# How to put on weight?



## StAcI_RobBiNs (Jan 12, 2006)

Im way skinny but I'm only 15. Ive heard from alot of people that in a few years Ill "grow into my body" which i guess means put some weight on and get some more curves. But I hate being so skinny is there any way of putting on weight cause i find it impossible no matter how much i eat. I also want to have more tone to my arms and legs without losing weight, which would be the best type of excersise for this?

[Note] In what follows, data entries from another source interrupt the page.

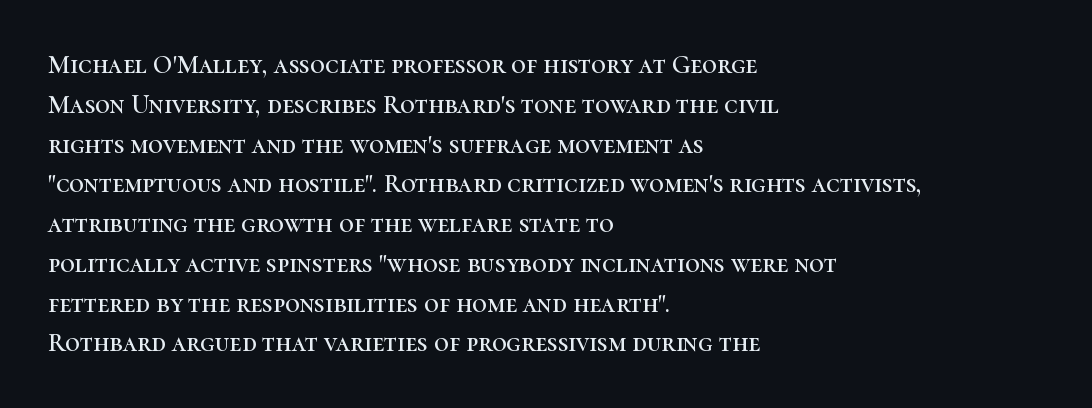
Q: Is the text italic (slanted)? A: No, it is upright.
Q: Is the text underlined? A: No.
Q: How is the paragraph aligned? A: Left-aligned.
Q: Is the spacing between letters normal or unusually wide? A: Normal.
Q: Is the spacing between lines tight, normal or loose? A: Normal.
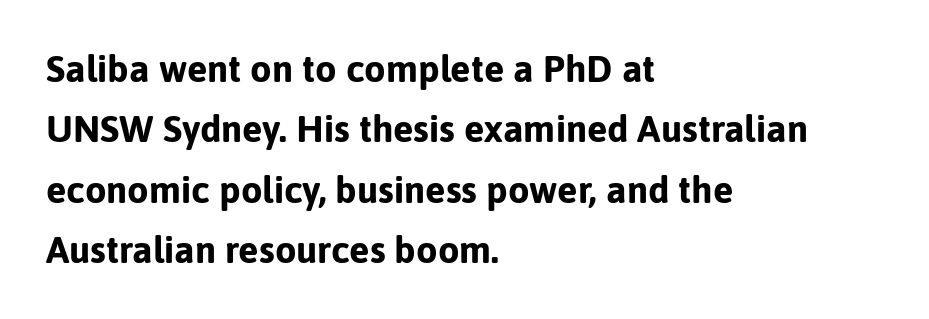
Normally led — the rows are evenly, conventionally spaced. The text was rendered using a sans face with plain stroke endings. Do the characters align in a grid? No, the font is proportional. Notice how thick the strokes are: this is what a full bold looks like. What stands out about the letter spacing? Nothing — it is the standard amount.
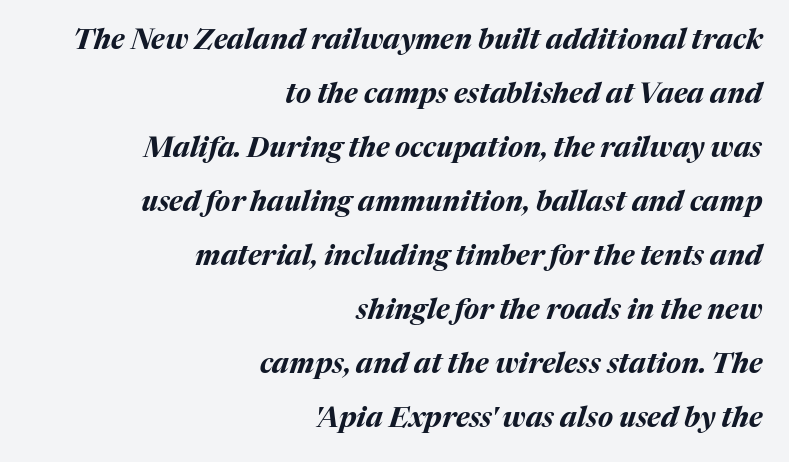
{"italic": "yes", "lean": "right", "slant_degrees": 17, "bold": "yes", "weight": "bold", "width": "normal", "stroke_contrast": "medium", "x_height": "medium", "monospaced": "no", "underline": "no", "align": "right", "line_spacing": "loose", "line_spacing_ratio": 1.93, "letter_spacing": "normal", "letter_spacing_em": 0.0, "glyph_px": 28}
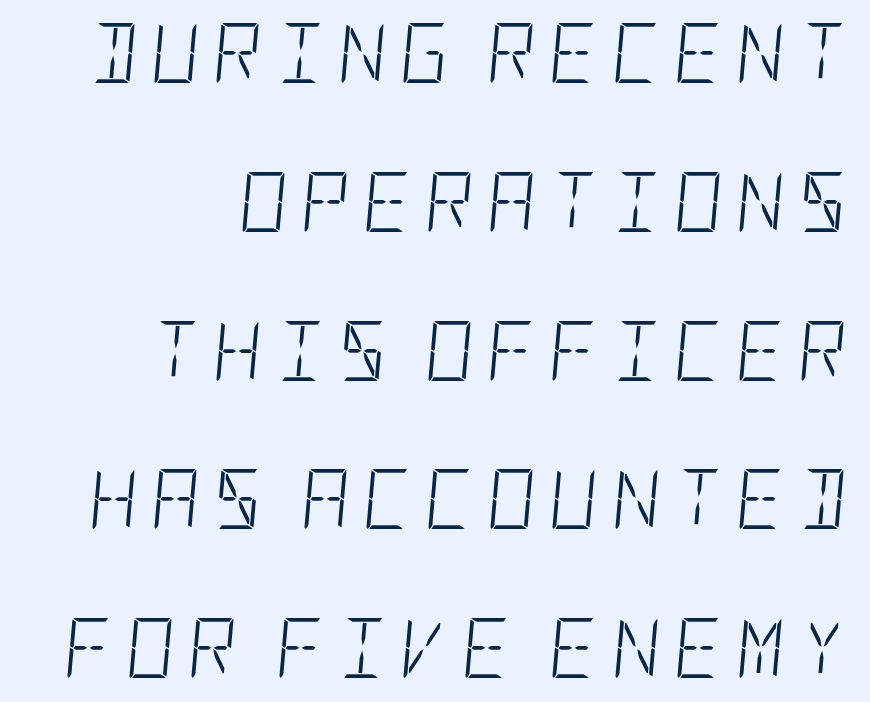
The image shows 60 px light, condensed type, italic (leaning right); set right-aligned, loose line spacing (2.48x), unusually wide letter spacing (+0.22 em), not underlined; low stroke contrast and a large x-height.
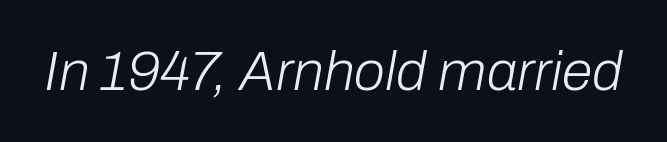
Q: Is the text bold? A: No.
Q: Is the text italic (slanted)? A: Yes, it leans right by about 10 degrees.
Q: Is the text underlined? A: No.
Q: Is the spacing between letters normal or unusually wide? A: Normal.
Q: Width (condensed, normal, or wide)? A: Normal.
Q: Stroke contrast? A: Low.
Q: x-height? A: Medium.
Q: Monospaced? A: No.
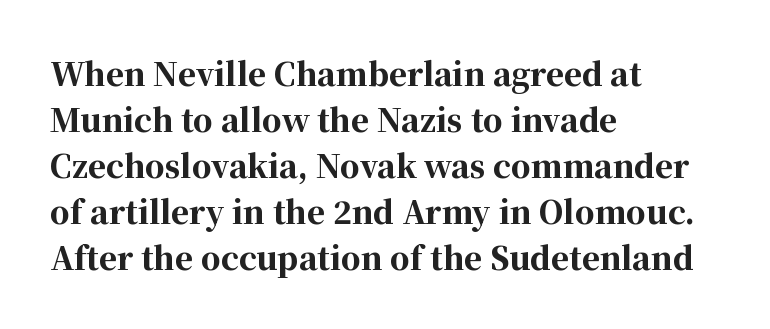
The image shows 31 px bold serif type, upright; set left-aligned, normal line spacing (1.48x), normal letter spacing, not underlined; high stroke contrast and a medium x-height.
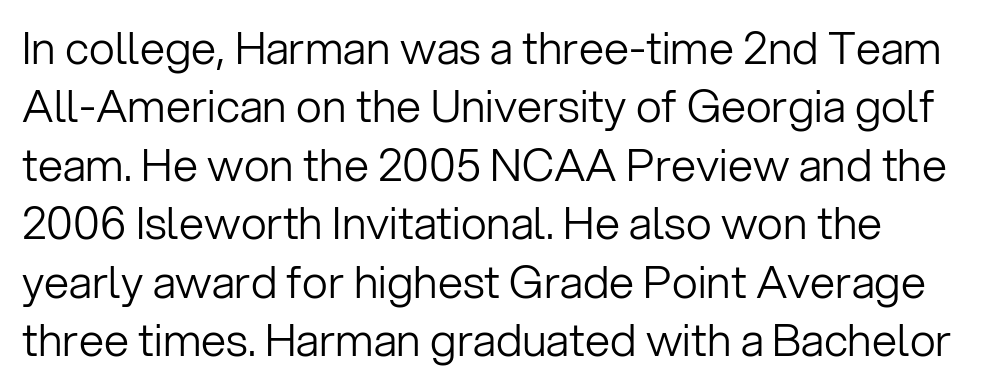
Q: Is the text bold? A: No.
Q: Is the text italic (slanted)? A: No, it is upright.
Q: Is the typeface a serif or a sans-serif typeface? A: Sans-serif.
Q: Is the text underlined? A: No.
Q: Is the spacing between letters normal or unusually wide? A: Normal.
Q: Is the spacing between lines tight, normal or loose? A: Normal.
Q: Width (condensed, normal, or wide)? A: Normal.
Q: Stroke contrast? A: Low.
Q: x-height? A: Medium.
Q: Monospaced? A: No.
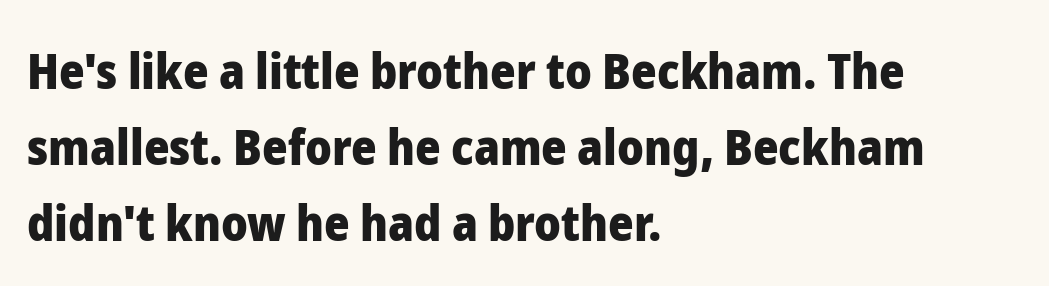
{"serif": "no", "italic": "no", "bold": "yes", "weight": "heavy", "width": "normal", "stroke_contrast": "low", "x_height": "medium", "monospaced": "no", "underline": "no", "align": "left", "line_spacing": "normal", "line_spacing_ratio": 1.55, "letter_spacing": "normal", "letter_spacing_em": 0.0, "glyph_px": 49}
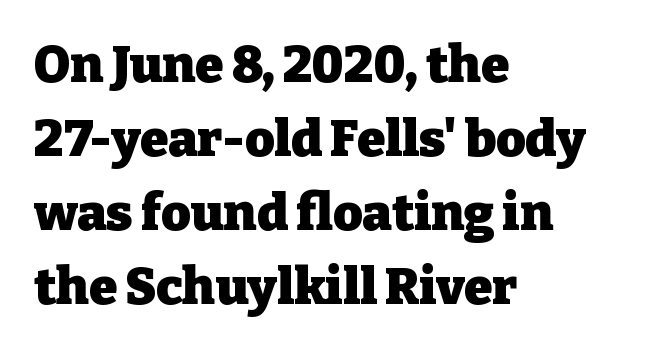
{"serif": "yes", "italic": "no", "bold": "yes", "weight": "heavy", "width": "normal", "stroke_contrast": "low", "x_height": "medium", "monospaced": "no", "underline": "no", "align": "left", "line_spacing": "normal", "line_spacing_ratio": 1.45, "letter_spacing": "normal", "letter_spacing_em": 0.0, "glyph_px": 51}
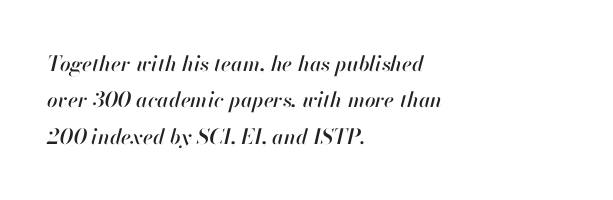
The image shows 21 px text type, italic (leaning right); set left-aligned, line spacing 1.73x, normal letter spacing, not underlined.
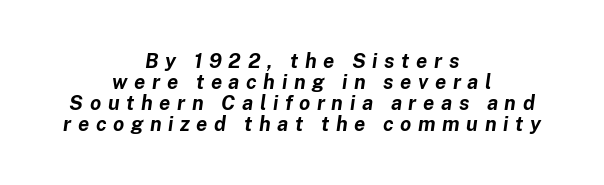
The image shows 20 px bold type, italic (leaning right); set centered, tight line spacing (1.05x), unusually wide letter spacing (+0.33 em), not underlined.
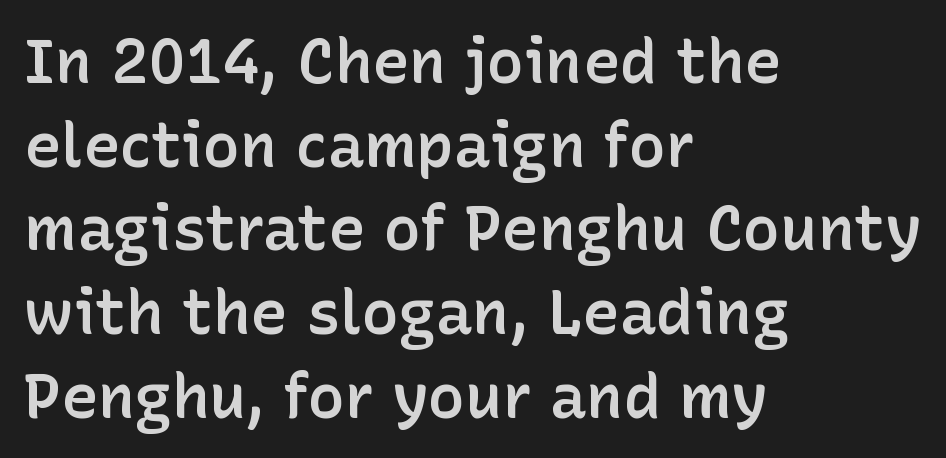
Q: Is the text bold? A: Semi-bold.
Q: Is the text italic (slanted)? A: No, it is upright.
Q: Is the typeface a serif or a sans-serif typeface? A: Sans-serif.
Q: Is the text underlined? A: No.
Q: How is the paragraph aligned? A: Left-aligned.
Q: Is the spacing between letters normal or unusually wide? A: Normal.
Q: Is the spacing between lines tight, normal or loose? A: Normal.
Q: Width (condensed, normal, or wide)? A: Normal.
Q: Stroke contrast? A: Low.
Q: x-height? A: Medium.
Q: Monospaced? A: No.
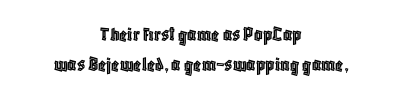
{"italic": "no", "underline": "no", "align": "center", "line_spacing": "normal", "line_spacing_ratio": 1.43, "letter_spacing": "normal", "letter_spacing_em": 0.0, "glyph_px": 21}
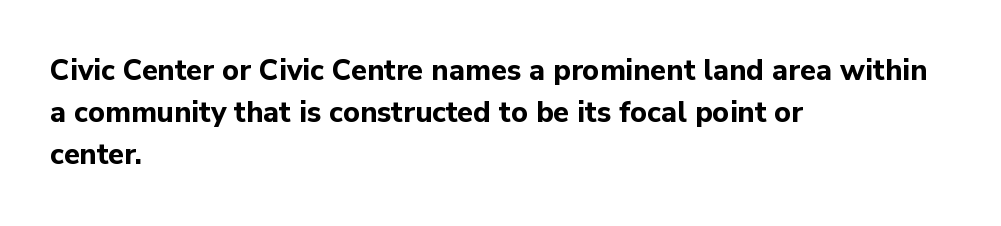
{"serif": "no", "italic": "no", "bold": "yes", "weight": "bold", "width": "normal", "stroke_contrast": "low", "x_height": "medium", "monospaced": "no", "underline": "no", "align": "left", "line_spacing": "normal", "line_spacing_ratio": 1.45, "letter_spacing": "normal", "letter_spacing_em": 0.0, "glyph_px": 29}
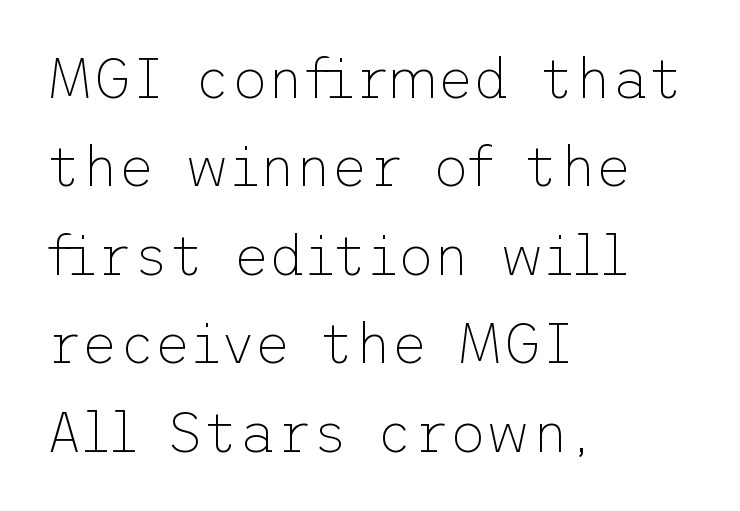
The image shows 56 px thin sans-serif type, upright; set left-aligned, normal line spacing (1.58x), normal letter spacing, not underlined; low stroke contrast and a medium x-height.
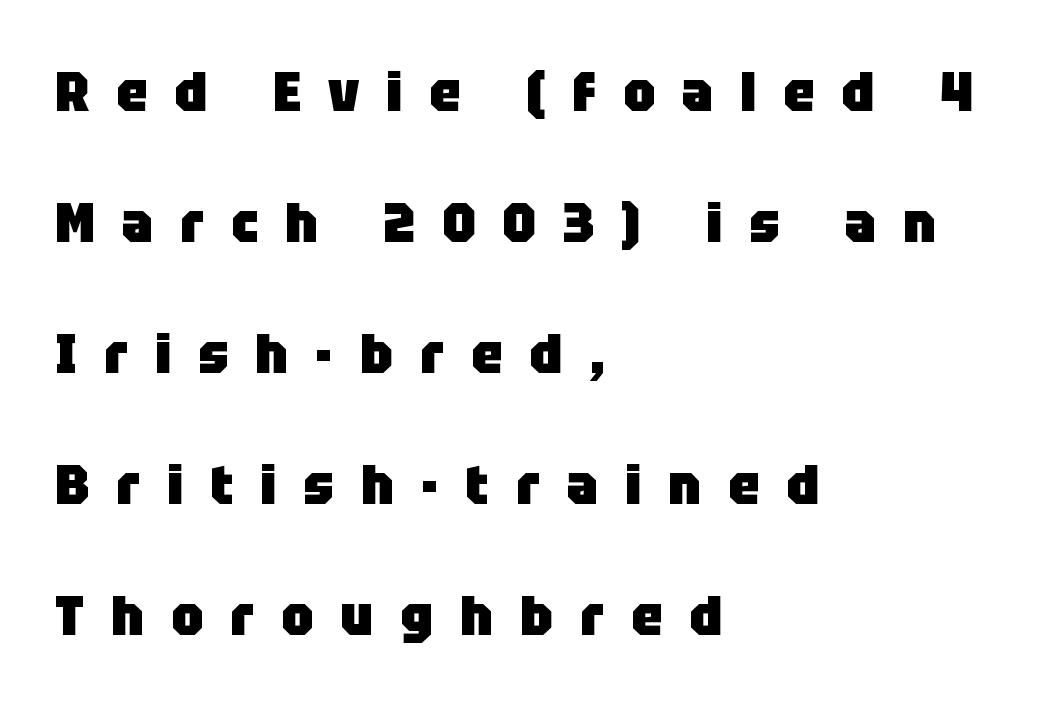
The leading is generous, giving the passage an open texture. Character widths vary here, with narrow letters taking less room than wide ones. Every character sits straight up, as roman type does. In CSS terms this would be text-align: left. The rendering uses a bold face; every stroke is thick and dark. This rendering features lettering with no underline.
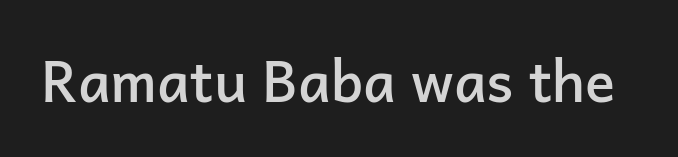
{"serif": "no", "italic": "no", "bold": "semi", "weight": "semibold", "width": "normal", "stroke_contrast": "low", "x_height": "medium", "monospaced": "no", "underline": "no", "letter_spacing": "normal", "letter_spacing_em": 0.0, "glyph_px": 56}
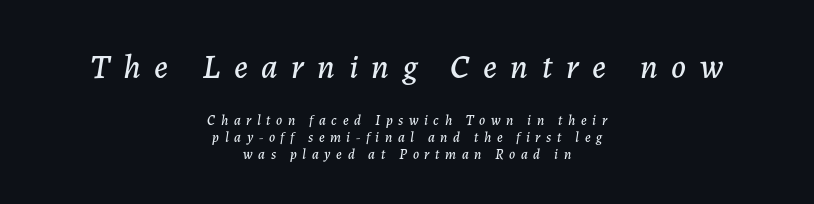
{"italic": "yes", "lean": "right", "slant_degrees": 7, "width": "normal", "stroke_contrast": "low", "x_height": "medium", "monospaced": "no", "underline": "no", "align": "center", "line_spacing_ratio": 1.23, "letter_spacing": "wide", "letter_spacing_em": 0.4, "larger_block": "first", "size_ratio": 2.43, "glyph_px": 34}
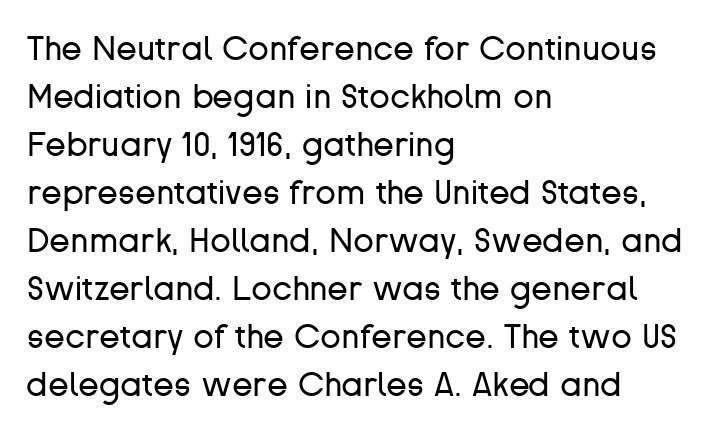
{"serif": "no", "italic": "no", "bold": "no", "weight": "regular", "width": "normal", "stroke_contrast": "low", "x_height": "medium", "monospaced": "no", "underline": "no", "align": "left", "line_spacing": "normal", "line_spacing_ratio": 1.41, "letter_spacing": "normal", "letter_spacing_em": 0.0, "glyph_px": 34}

Also if i put on weight now and in a couple years my metabolism totally slowed down would i be fat? x


----------



## maianne (Jan 12, 2006)

I think you should just maintain healthy eating & exercise habits and let your body be however it's going to be.  You should also consult with your physician to make sure everything's OK (i.e. your BMI is within normal limits, maybe check out your thyroid if you're concerned, your diet/exercise routine is suitable, your own body image perception is healthy, etc.).  As for exercise, it's always good to have a mix of different types of workouts - cardio, strength, flexibility.  But yoga & pilates are awesome for exercises that give you tone and a nice lean look that would probably look awesome on your skinny-minnie frame.  Both yoga & pilates are good for flexibility and certain types can give you a decent cardio & strength workout (but probably best to do other activities as well, IMO).  In any case, I'm sure you're a beautiful person, bones & all!!  
	

	
	
		
		

		
			





btw, metabolism does slow down as you age.  That's a fact, but I'm seeing it myself... I always hovered around the 88-lb mark when I was in high school & univ. but have gained 10lbs in the past year!!  And no real change in my eating habits (actually, ate probably a little *more* junk food back in school).  That's life, I guess.  Anyway, sorry for the lengthy post... HTH!


----------



## litlaur (Jan 12, 2006)

I agree with maianne.

I'd suggest doing some weight training. You won't gain a lot of weight, but it will help you tone. Try lunges, pushups, and heel raises. Those exercises tone and are easy to do at home.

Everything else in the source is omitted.